> [ASSIGNMENT]: Below are records; print only the lines from the line containing "Q: Is the text bold? A: No." to the end, both included, reproduced exactly and without the pictures.

> [MATERIAL SHOWN]:
************

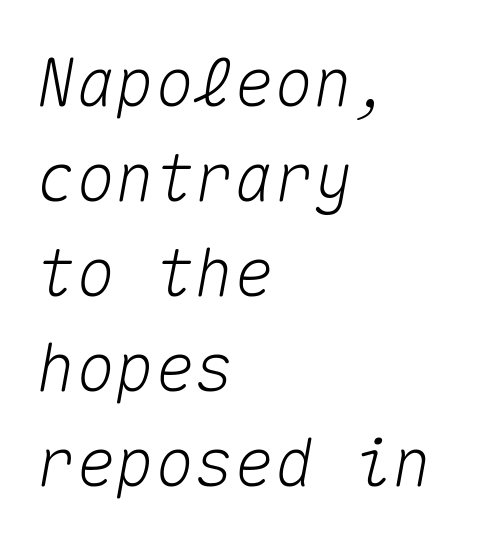
Q: Is the text italic (slanted)? A: Yes, it leans right by about 10 degrees.
Q: Is the text underlined? A: No.
Q: How is the paragraph aligned? A: Left-aligned.
Q: Is the spacing between letters normal or unusually wide? A: Normal.
Q: Is the spacing between lines tight, normal or loose? A: Normal.
Q: Width (condensed, normal, or wide)? A: Normal.
Q: Stroke contrast? A: Medium.
Q: x-height? A: Medium.
Q: Monospaced? A: Yes.
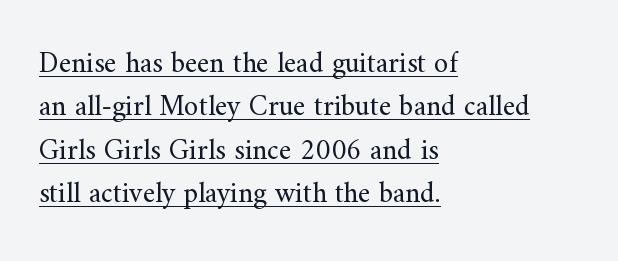
Q: Is the text bold? A: No.
Q: Is the text italic (slanted)? A: No, it is upright.
Q: Is the typeface a serif or a sans-serif typeface? A: Serif.
Q: Is the text underlined? A: Yes.
Q: How is the paragraph aligned? A: Left-aligned.
Q: Is the spacing between letters normal or unusually wide? A: Normal.
Q: Is the spacing between lines tight, normal or loose? A: Normal.
Q: Width (condensed, normal, or wide)? A: Normal.
Q: Stroke contrast? A: Medium.
Q: x-height? A: Small.
Q: Monospaced? A: No.
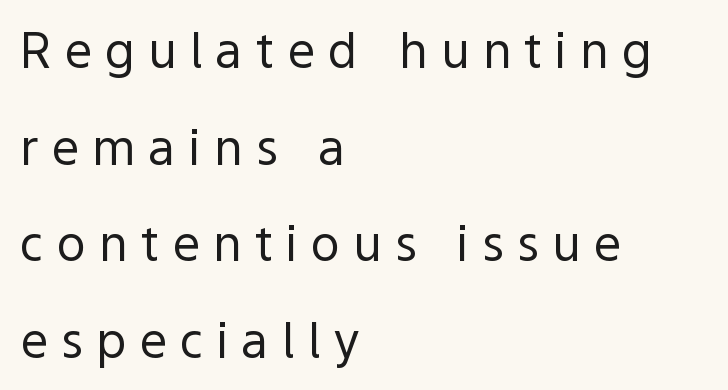
The typesetter chose a ragged-right arrangement here. Every stem runs plumb, perpendicular to the baseline. The passage shown has open, widely tracked lettering throughout. Nothing sits at the stroke ends, so this counts as sans-serif. Descenders hang freely into open space.

************

> [WRITTEN ANSWER]:
Q: Is the text bold? A: No.
Q: Is the text italic (slanted)? A: No, it is upright.
Q: Is the typeface a serif or a sans-serif typeface? A: Serif.
Q: Is the text underlined? A: Yes.
Q: How is the paragraph aligned? A: Left-aligned.
Q: Is the spacing between letters normal or unusually wide? A: Normal.
Q: Is the spacing between lines tight, normal or loose? A: Normal.
Q: Width (condensed, normal, or wide)? A: Normal.
Q: Stroke contrast? A: Medium.
Q: x-height? A: Small.
Q: Monospaced? A: No.
The typesetter chose a ragged-right arrangement here. Every stem runs plumb, perpendicular to the baseline. The passage shown has open, widely tracked lettering throughout. Nothing sits at the stroke ends, so this counts as sans-serif. Descenders hang freely into open space.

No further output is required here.